Records excerpted from a collection
____

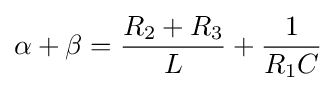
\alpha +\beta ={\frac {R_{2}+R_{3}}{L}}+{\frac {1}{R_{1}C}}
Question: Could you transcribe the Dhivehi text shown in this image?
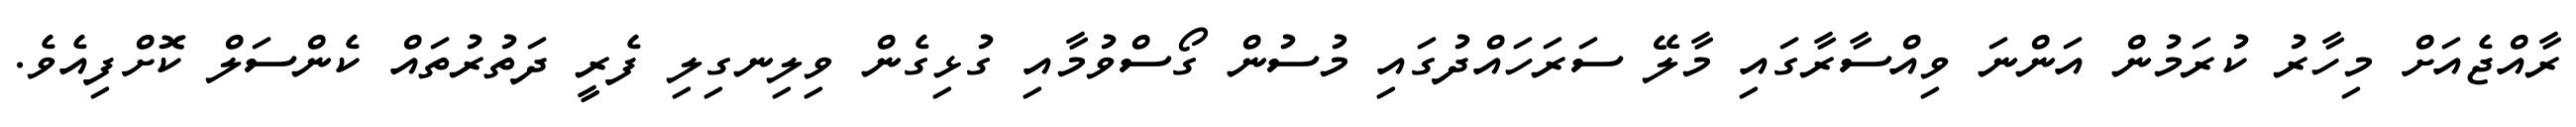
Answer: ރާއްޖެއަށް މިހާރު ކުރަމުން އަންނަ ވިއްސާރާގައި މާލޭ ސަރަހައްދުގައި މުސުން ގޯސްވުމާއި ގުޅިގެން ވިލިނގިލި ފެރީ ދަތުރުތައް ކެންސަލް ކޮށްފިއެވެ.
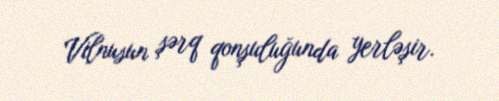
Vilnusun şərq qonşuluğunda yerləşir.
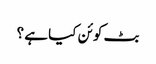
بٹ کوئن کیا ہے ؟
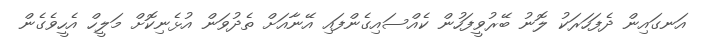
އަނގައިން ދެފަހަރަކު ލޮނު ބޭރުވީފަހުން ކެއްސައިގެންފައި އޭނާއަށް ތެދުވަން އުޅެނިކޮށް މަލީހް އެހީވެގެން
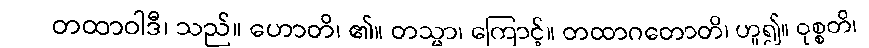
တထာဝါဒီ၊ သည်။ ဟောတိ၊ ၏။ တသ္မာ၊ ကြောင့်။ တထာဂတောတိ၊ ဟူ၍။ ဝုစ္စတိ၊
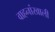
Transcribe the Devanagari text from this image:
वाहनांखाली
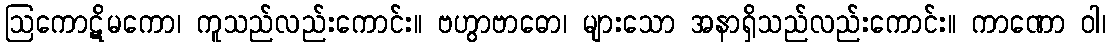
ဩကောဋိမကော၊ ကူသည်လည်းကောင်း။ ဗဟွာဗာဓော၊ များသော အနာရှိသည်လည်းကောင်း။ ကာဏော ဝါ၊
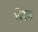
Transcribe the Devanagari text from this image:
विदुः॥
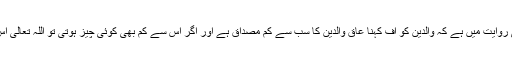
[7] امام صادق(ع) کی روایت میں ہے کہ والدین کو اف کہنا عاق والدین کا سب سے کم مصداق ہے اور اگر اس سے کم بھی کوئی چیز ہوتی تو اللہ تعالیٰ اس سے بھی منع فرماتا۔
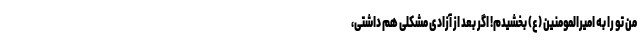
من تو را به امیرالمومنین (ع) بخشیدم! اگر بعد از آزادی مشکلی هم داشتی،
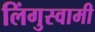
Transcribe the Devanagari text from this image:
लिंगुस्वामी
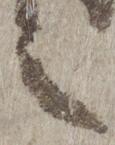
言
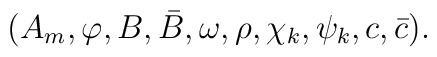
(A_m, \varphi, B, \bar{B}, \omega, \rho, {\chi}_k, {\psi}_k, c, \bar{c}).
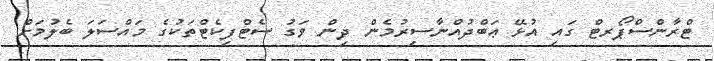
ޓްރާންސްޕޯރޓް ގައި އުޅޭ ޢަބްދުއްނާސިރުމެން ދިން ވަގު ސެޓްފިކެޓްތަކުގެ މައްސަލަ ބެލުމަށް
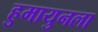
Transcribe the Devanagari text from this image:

____

> Exercise goal
A word-for-word repeat of the lines from the line with "Question: Could you" to the last line of the data, both ends included and pictures left out, is all that should appear.

> Response area
Question: Could you transcribe the Dhivehi text shown in this image?
Answer: ރާއްޖެއަށް މިހާރު ކުރަމުން އަންނަ ވިއްސާރާގައި މާލޭ ސަރަހައްދުގައި މުސުން ގޯސްވުމާއި ގުޅިގެން ވިލިނގިލި ފެރީ ދަތުރުތައް ކެންސަލް ކޮށްފިއެވެ.
Vilnusun şərq qonşuluğunda yerləşir.
بٹ کوئن کیا ہے ؟
އަނގައިން ދެފަހަރަކު ލޮނު ބޭރުވީފަހުން ކެއްސައިގެންފައި އޭނާއަށް ތެދުވަން އުޅެނިކޮށް މަލީހް އެހީވެގެން
တထာဝါဒီ၊ သည်။ ဟောတိ၊ ၏။ တသ္မာ၊ ကြောင့်။ တထာဂတောတိ၊ ဟူ၍။ ဝုစ္စတိ၊
Transcribe the Devanagari text from this image:
वाहनांखाली
ဩကောဋိမကော၊ ကူသည်လည်းကောင်း။ ဗဟွာဗာဓော၊ များသော အနာရှိသည်လည်းကောင်း။ ကာဏော ဝါ၊
Transcribe the Devanagari text from this image:
विदुः॥
[7] امام صادق(ع) کی روایت میں ہے کہ والدین کو اف کہنا عاق والدین کا سب سے کم مصداق ہے اور اگر اس سے کم بھی کوئی چیز ہوتی تو اللہ تعالیٰ اس سے بھی منع فرماتا۔
من تو را به امیرالمومنین (ع) بخشیدم! اگر بعد از آزادی مشکلی هم داشتی،
Transcribe the Devanagari text from this image:
लिंगुस्वामी
言
(A_m, \varphi, B, \bar{B}, \omega, \rho, {\chi}_k, {\psi}_k, c, \bar{c}).
ޓްރާންސްޕޯރޓް ގައި އުޅޭ ޢަބްދުއްނާސިރުމެން ދިން ވަގު ސެޓްފިކެޓްތަކުގެ މައްސަލަ ބެލުމަށް
Transcribe the Devanagari text from this image:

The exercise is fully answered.